* [The task]: Starting with the line that contains "C107,130.734 90.756,131.352 90.756,131.352" and stopping after the line that contains "C23,130.744 38.987,131.354 38.987,131.354", return each line below exactly as written, with no others.

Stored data
--

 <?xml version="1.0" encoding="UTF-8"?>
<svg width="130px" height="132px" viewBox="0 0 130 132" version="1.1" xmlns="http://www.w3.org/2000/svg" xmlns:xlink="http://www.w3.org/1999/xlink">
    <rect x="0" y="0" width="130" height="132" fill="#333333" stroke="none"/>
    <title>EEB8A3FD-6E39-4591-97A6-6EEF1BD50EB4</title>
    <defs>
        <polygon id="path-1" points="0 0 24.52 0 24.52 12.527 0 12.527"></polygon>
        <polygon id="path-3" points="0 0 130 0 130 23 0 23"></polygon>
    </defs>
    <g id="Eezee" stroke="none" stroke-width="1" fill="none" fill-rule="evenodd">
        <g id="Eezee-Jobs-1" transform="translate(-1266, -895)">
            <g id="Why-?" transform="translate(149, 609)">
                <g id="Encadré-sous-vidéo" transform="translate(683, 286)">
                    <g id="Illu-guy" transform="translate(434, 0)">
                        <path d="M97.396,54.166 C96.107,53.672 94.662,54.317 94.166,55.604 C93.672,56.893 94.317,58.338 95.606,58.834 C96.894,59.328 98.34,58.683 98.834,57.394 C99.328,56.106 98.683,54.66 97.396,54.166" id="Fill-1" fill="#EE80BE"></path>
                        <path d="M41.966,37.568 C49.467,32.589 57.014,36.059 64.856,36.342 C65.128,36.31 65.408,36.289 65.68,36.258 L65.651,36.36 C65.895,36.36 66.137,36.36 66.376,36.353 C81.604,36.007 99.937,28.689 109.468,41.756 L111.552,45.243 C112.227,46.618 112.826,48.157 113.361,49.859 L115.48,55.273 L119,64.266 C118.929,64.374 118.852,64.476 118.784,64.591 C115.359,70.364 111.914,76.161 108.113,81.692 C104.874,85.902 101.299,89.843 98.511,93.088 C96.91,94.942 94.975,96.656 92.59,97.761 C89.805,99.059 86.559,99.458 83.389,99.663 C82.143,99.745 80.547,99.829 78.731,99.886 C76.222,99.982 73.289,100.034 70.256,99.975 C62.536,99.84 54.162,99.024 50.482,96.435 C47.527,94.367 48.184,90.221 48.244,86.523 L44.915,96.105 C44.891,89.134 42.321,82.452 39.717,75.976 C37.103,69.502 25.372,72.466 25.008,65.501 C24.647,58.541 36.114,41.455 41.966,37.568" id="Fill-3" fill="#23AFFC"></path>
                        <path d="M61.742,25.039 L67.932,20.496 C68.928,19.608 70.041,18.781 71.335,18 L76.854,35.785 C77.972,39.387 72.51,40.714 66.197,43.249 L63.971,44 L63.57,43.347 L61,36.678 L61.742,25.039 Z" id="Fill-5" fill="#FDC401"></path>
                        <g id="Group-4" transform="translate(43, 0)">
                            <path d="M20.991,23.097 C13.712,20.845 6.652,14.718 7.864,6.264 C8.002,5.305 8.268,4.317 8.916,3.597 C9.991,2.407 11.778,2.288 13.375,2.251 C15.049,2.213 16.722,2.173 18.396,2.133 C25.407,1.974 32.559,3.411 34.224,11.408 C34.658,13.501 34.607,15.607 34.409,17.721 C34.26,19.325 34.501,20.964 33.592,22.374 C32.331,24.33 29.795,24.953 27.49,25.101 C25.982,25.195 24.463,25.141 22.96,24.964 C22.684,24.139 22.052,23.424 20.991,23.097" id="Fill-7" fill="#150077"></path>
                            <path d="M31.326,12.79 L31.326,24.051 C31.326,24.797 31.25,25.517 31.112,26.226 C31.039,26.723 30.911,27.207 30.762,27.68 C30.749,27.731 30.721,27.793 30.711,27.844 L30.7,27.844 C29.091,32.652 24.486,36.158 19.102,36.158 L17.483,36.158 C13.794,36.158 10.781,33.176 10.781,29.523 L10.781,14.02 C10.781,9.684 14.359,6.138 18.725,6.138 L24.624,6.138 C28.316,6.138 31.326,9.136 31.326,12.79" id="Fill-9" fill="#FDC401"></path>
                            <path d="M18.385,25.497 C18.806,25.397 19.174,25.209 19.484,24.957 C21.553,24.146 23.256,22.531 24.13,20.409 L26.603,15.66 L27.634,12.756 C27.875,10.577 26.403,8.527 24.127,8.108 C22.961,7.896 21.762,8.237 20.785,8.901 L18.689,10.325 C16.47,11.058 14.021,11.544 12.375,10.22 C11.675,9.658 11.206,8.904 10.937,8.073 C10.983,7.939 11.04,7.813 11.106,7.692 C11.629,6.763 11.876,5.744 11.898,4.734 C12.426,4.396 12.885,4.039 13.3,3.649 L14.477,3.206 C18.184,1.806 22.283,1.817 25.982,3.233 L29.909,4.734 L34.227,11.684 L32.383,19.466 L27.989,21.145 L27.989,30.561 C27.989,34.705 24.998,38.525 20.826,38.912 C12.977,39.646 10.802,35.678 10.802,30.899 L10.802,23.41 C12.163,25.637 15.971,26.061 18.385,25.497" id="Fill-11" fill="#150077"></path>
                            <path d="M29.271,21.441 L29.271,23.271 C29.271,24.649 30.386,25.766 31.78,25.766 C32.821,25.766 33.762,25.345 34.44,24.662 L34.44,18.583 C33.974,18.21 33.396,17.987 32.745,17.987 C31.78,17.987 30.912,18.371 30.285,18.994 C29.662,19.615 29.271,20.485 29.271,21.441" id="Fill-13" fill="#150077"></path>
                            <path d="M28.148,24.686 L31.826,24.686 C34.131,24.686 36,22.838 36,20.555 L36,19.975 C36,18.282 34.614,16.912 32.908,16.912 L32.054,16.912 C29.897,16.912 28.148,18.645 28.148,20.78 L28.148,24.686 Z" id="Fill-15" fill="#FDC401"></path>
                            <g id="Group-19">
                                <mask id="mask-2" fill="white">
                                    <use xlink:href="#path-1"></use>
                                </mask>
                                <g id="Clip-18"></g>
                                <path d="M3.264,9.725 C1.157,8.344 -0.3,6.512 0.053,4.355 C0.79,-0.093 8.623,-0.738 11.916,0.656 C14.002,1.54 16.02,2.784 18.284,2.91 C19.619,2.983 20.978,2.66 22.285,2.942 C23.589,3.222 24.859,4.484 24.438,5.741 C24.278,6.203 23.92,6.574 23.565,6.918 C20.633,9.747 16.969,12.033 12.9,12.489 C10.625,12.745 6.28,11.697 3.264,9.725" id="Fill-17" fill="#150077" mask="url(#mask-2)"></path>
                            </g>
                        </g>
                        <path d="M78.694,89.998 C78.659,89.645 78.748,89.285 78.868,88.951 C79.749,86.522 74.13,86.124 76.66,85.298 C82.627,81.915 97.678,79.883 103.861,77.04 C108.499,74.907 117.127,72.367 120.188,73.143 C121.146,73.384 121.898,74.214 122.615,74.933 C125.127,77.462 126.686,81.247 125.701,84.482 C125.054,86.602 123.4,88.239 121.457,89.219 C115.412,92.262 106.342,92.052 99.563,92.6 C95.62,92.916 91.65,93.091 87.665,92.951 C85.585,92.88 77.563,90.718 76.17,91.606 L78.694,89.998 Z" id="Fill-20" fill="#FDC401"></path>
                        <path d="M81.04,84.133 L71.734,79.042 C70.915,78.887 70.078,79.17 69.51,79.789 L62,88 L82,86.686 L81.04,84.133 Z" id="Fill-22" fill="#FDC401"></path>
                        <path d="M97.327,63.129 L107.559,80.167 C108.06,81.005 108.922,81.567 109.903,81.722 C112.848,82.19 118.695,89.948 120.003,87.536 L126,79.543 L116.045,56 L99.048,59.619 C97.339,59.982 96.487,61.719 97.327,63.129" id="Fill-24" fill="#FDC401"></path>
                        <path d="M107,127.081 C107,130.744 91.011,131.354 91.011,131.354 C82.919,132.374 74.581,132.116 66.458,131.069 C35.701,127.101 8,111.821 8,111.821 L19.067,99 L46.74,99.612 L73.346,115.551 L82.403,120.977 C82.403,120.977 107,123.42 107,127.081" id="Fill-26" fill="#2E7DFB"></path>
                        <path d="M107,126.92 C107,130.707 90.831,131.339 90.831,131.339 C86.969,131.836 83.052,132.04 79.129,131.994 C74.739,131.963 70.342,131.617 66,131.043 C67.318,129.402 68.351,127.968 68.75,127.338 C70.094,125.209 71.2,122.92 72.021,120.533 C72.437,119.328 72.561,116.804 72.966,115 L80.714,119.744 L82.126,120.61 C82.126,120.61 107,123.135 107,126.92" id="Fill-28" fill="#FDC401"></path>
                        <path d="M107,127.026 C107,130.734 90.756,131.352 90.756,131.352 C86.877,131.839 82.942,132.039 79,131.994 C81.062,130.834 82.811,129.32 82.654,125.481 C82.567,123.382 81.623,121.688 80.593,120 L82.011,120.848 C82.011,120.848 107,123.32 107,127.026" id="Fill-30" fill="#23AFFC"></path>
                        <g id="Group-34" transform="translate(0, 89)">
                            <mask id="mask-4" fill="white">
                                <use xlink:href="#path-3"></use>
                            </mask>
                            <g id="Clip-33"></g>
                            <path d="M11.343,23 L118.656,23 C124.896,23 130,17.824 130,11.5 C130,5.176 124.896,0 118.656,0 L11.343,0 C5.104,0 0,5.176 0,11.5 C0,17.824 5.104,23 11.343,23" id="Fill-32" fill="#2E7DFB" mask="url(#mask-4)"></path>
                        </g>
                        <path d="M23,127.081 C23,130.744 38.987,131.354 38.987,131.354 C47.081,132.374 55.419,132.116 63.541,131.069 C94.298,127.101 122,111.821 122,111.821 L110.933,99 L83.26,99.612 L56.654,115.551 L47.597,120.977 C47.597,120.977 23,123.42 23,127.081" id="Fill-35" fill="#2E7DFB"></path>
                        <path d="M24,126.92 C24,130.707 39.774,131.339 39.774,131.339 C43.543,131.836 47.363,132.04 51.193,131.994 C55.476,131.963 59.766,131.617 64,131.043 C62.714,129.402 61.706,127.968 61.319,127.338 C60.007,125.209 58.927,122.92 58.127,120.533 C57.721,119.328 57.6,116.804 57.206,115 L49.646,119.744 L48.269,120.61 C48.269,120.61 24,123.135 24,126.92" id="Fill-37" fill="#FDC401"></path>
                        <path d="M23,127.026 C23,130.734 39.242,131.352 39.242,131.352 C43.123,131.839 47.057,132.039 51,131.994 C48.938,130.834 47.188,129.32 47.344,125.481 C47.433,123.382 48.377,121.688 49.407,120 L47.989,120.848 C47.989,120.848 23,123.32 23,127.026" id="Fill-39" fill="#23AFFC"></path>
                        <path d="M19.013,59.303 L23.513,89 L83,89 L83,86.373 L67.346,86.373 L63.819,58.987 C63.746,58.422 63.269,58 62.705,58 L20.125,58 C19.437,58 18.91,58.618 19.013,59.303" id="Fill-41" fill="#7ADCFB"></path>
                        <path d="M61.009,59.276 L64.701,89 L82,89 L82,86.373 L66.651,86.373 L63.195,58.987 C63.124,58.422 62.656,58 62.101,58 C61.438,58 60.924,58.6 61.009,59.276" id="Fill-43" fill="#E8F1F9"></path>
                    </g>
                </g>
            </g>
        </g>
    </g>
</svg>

--

* [Task answer]:
                        <path d="M107,127.026 C107,130.734 90.756,131.352 90.756,131.352 C86.877,131.839 82.942,132.039 79,131.994 C81.062,130.834 82.811,129.32 82.654,125.481 C82.567,123.382 81.623,121.688 80.593,120 L82.011,120.848 C82.011,120.848 107,123.32 107,127.026" id="Fill-30" fill="#23AFFC"></path>
                        <g id="Group-34" transform="translate(0, 89)">
                            <mask id="mask-4" fill="white">
                                <use xlink:href="#path-3"></use>
                            </mask>
                            <g id="Clip-33"></g>
                            <path d="M11.343,23 L118.656,23 C124.896,23 130,17.824 130,11.5 C130,5.176 124.896,0 118.656,0 L11.343,0 C5.104,0 0,5.176 0,11.5 C0,17.824 5.104,23 11.343,23" id="Fill-32" fill="#2E7DFB" mask="url(#mask-4)"></path>
                        </g>
                        <path d="M23,127.081 C23,130.744 38.987,131.354 38.987,131.354 C47.081,132.374 55.419,132.116 63.541,131.069 C94.298,127.101 122,111.821 122,111.821 L110.933,99 L83.26,99.612 L56.654,115.551 L47.597,120.977 C47.597,120.977 23,123.42 23,127.081" id="Fill-35" fill="#2E7DFB"></path>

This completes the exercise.